Do you feel like your life is a puddle of muddle? Are you blundering through your days looking for direction? Are you a top which needs to quit spinning? Round and round you go, but nothing really happens. The antonym for muddle (which is both a noun and a verb by the way) is order or organization. To muddle through your days is to have a deficit of organization. Hours pass, you look at the clock at the end of the day and say, "What even got done here?" It's discouraging to go through the day without a plan; it's walking directionless. Or even worse,
It means to confuse or make difficult.
Are you "Homeschool-Mama-Speedy G"? Is it possible you're making things difficult without realizing it? Don't get me wrong; your motives are probably all good. You simply want to homeschool those kids properly, get them graduated with their future schooling or careers successfully launched, and see them as happy, responsible, God-loving adults. But you're sweating the small stuff and moving too fast all the time (that's me right there). Maybe you're not relaxing with them for long enough, making time for lingering conversations.

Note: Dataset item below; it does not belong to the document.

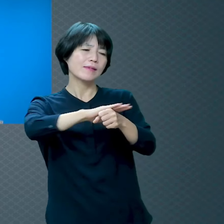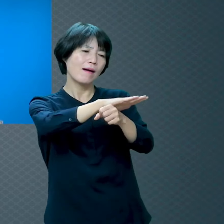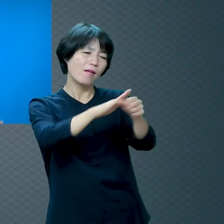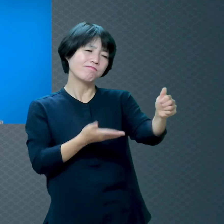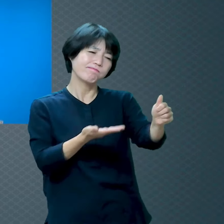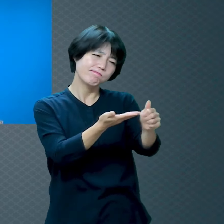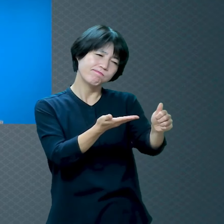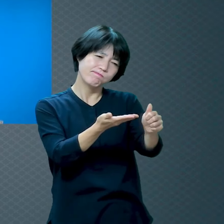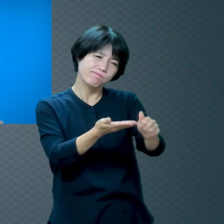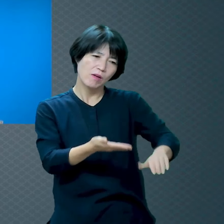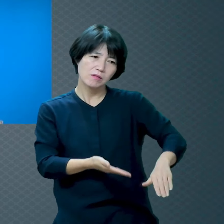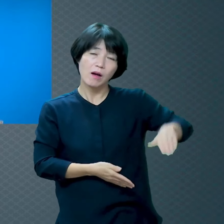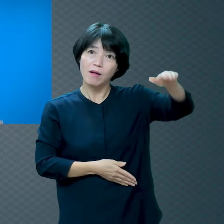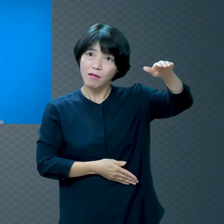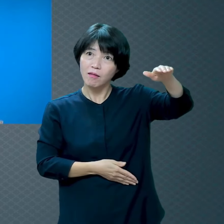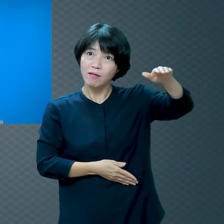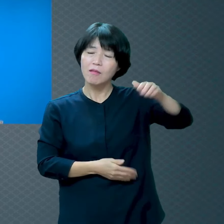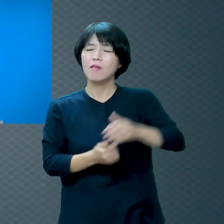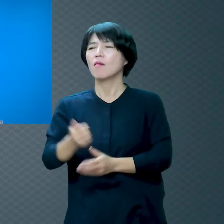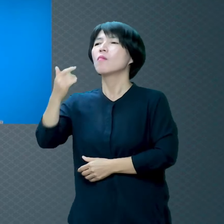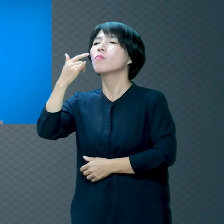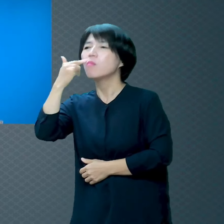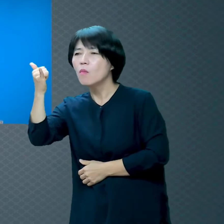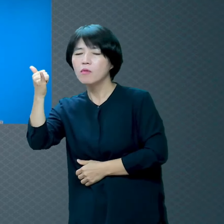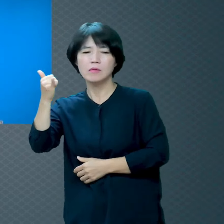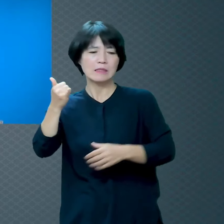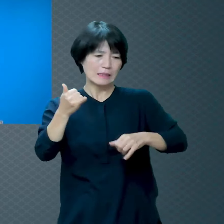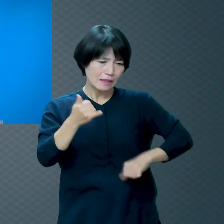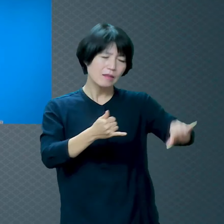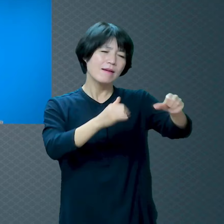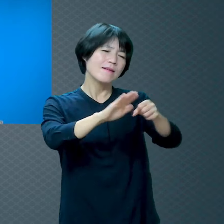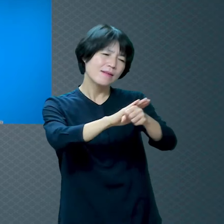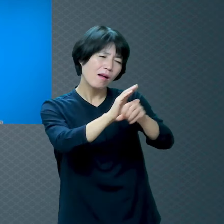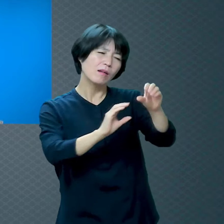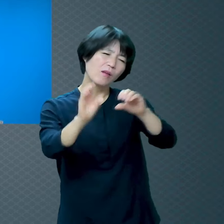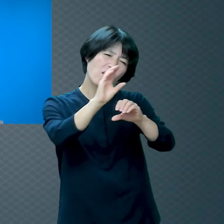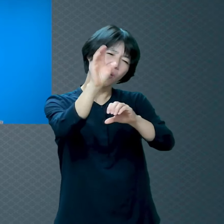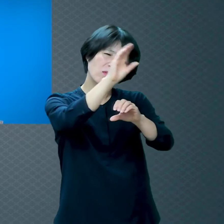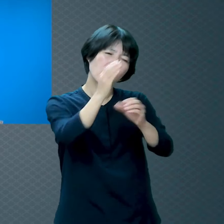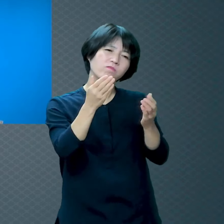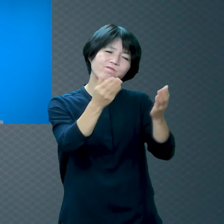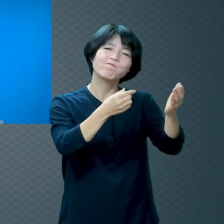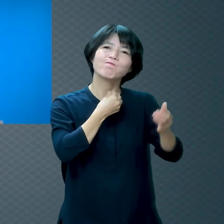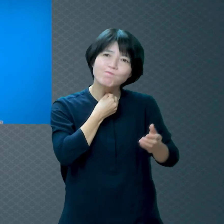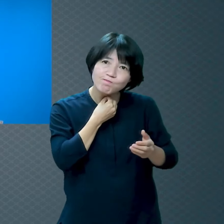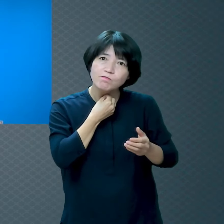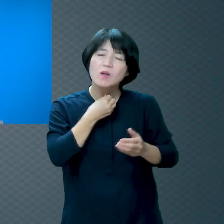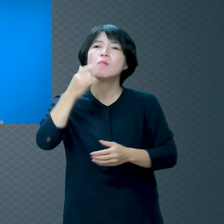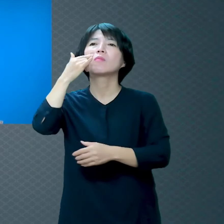부모는 계속 더 주고 싶죠 그게 부모의 마음입니다

You keep checking the clock because your public school upbringing taught you to respond to the bell so you could move on to the next indoctrination session. But in your homeschool, you don't necessarily need a clock to get through each subject. There should be no such thing as "fourth period" or "assembly hall." Let's drop the confused flurry of difficult expectations on ourselves and on our children. You'll get so much further with them if you slow down and make learning fun. Seriously, ditch math today (or spelling) and go outside and play. Or head to the park where you can sit on the swings together and talk about what he/she wants to do when they grow up (or chat about something else they want to spill their hearts about).
It means things are tangled, or even twisted.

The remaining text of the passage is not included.